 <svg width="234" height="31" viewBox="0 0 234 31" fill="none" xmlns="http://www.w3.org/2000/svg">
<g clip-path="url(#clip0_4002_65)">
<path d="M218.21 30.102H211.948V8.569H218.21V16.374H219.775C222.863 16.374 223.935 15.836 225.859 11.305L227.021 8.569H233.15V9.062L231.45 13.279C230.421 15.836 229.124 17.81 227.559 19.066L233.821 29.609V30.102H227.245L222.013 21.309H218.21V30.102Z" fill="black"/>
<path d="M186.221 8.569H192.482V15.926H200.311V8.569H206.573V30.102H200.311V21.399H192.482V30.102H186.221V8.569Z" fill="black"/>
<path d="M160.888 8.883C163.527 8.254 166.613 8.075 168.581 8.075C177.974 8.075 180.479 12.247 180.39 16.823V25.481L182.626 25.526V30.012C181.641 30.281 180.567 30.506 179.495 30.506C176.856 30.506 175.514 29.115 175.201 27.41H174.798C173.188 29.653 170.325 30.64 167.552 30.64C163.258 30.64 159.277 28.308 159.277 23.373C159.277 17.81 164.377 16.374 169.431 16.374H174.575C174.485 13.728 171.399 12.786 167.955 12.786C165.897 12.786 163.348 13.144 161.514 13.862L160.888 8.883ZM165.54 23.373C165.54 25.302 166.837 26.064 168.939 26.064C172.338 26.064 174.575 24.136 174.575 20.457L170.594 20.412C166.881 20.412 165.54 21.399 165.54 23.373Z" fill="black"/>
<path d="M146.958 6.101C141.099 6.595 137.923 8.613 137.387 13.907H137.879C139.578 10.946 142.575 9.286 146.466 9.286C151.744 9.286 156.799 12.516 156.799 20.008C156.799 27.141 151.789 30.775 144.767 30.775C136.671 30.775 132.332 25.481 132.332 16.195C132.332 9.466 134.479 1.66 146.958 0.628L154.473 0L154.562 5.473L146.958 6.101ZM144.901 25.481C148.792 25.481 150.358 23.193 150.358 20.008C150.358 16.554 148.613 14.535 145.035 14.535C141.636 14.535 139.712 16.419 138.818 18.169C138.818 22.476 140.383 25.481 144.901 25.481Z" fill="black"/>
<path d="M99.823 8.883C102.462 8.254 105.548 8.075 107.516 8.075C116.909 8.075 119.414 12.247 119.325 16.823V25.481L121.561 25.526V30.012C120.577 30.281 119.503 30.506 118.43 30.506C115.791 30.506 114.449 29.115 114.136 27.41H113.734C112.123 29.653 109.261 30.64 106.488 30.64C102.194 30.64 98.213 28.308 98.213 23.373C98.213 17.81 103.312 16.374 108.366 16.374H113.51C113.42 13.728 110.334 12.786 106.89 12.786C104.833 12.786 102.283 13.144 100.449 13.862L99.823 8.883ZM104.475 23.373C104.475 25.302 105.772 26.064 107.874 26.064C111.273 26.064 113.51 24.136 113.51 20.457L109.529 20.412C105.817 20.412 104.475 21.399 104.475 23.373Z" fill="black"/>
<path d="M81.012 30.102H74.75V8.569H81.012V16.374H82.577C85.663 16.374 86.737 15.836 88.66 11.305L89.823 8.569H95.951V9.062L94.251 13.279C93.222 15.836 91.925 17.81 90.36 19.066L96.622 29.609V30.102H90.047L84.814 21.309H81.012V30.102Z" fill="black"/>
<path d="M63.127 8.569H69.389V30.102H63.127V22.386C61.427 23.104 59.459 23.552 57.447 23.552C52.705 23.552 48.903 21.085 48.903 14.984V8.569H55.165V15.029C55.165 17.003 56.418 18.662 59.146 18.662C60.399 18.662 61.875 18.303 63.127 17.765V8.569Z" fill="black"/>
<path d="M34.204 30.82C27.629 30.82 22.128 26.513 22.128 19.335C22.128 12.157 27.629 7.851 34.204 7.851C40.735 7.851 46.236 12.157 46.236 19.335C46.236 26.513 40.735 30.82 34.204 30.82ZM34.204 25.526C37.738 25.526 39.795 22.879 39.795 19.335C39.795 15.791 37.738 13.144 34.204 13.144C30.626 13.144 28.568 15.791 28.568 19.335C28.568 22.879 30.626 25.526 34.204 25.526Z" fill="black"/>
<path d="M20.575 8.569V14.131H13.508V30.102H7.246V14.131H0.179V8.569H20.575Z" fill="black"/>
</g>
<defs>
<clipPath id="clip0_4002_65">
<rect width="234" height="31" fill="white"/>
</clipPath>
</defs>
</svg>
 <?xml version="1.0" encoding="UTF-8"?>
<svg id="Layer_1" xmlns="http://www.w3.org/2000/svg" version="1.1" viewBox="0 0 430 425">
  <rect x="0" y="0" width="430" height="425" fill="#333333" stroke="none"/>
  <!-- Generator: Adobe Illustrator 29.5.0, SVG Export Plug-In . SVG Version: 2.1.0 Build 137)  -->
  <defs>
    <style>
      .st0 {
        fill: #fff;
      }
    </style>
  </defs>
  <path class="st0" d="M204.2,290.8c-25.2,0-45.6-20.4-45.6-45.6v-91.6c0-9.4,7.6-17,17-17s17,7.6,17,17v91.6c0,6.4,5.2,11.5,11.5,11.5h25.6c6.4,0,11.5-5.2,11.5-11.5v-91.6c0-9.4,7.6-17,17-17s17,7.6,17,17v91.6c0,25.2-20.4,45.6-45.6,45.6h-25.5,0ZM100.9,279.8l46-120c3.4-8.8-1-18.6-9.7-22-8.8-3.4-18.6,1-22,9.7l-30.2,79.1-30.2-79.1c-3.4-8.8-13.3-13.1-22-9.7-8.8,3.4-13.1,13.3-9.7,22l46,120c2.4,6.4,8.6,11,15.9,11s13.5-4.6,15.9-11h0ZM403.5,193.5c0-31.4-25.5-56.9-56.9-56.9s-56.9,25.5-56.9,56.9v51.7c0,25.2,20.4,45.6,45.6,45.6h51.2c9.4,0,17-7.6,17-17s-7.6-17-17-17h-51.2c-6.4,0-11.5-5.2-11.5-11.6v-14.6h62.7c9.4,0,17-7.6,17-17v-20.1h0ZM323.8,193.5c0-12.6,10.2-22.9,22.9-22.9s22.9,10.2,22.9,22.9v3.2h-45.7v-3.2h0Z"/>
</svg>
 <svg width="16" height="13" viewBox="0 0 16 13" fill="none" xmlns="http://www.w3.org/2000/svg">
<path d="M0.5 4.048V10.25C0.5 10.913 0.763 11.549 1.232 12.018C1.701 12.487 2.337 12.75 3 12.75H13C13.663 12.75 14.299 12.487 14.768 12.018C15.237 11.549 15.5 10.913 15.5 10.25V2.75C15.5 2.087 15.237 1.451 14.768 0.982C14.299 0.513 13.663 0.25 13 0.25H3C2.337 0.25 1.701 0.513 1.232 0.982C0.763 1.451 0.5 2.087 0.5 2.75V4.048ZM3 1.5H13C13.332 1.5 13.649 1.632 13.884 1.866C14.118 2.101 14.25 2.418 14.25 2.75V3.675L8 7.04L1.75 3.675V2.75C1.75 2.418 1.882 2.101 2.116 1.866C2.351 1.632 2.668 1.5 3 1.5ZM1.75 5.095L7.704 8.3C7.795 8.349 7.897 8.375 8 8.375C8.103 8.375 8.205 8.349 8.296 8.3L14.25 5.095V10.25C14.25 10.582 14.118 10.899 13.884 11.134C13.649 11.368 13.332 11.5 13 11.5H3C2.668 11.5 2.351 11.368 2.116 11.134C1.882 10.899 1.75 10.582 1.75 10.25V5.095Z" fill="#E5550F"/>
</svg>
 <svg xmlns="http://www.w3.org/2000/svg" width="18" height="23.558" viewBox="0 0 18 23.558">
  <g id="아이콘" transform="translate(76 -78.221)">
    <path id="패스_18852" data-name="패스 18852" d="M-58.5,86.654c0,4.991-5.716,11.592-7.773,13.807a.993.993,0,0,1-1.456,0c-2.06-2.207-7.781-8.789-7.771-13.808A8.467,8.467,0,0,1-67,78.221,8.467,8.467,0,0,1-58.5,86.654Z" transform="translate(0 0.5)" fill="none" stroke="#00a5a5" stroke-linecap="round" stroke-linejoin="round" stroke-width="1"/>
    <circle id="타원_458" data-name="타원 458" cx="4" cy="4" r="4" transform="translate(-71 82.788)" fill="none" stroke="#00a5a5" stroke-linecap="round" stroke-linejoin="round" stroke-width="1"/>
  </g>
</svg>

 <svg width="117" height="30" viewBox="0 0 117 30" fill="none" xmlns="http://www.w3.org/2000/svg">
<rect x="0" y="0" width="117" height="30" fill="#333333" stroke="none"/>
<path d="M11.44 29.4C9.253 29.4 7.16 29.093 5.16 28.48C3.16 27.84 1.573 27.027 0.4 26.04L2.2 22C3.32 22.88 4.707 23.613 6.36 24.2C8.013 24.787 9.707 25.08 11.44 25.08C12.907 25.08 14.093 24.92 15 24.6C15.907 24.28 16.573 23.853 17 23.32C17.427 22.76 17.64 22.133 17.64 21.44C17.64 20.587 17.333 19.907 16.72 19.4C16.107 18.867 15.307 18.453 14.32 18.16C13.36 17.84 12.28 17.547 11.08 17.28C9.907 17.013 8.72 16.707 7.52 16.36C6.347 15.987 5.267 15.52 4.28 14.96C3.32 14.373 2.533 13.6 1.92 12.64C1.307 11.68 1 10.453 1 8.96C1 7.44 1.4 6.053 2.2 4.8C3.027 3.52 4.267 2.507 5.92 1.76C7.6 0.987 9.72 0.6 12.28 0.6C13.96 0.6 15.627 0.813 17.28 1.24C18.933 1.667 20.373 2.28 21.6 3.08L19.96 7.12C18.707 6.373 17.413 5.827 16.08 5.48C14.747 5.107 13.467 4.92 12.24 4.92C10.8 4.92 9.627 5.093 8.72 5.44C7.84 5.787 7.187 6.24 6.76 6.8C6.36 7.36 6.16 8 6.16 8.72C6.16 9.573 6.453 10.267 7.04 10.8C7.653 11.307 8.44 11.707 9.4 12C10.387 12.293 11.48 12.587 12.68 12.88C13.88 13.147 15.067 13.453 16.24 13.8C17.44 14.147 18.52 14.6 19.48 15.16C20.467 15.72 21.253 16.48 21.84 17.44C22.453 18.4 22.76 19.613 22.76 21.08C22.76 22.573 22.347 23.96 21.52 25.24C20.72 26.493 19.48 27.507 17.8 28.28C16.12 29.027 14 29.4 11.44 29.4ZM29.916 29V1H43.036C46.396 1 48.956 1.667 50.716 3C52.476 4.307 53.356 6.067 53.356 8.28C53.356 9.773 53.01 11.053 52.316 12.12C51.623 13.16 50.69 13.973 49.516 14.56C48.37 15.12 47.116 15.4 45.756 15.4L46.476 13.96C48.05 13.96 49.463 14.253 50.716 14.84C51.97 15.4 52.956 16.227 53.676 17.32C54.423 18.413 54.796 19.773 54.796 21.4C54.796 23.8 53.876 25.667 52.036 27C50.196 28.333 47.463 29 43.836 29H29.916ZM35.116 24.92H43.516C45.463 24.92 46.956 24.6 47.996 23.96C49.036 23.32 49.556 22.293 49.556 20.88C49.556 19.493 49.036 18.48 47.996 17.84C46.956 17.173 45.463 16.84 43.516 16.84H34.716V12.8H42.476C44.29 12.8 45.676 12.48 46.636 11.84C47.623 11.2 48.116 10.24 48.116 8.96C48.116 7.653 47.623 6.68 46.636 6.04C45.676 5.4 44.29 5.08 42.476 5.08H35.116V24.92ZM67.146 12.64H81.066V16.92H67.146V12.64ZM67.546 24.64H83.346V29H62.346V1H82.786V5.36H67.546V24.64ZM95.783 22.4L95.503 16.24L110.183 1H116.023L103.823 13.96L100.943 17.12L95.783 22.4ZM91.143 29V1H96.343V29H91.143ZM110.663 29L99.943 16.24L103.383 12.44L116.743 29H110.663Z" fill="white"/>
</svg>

**TASK INSTRUCTIONS**
Transcribe the records above exactly, from the opening line down to and including the line with "16.374 223.935 15.836".

**EXERCISE ANSWER**
 <svg width="234" height="31" viewBox="0 0 234 31" fill="none" xmlns="http://www.w3.org/2000/svg">
<g clip-path="url(#clip0_4002_65)">
<path d="M218.21 30.102H211.948V8.569H218.21V16.374H219.775C222.863 16.374 223.935 15.836 225.859 11.305L227.021 8.569H233.15V9.062L231.45 13.279C230.421 15.836 229.124 17.81 227.559 19.066L233.821 29.609V30.102H227.245L222.013 21.309H218.21V30.102Z" fill="black"/>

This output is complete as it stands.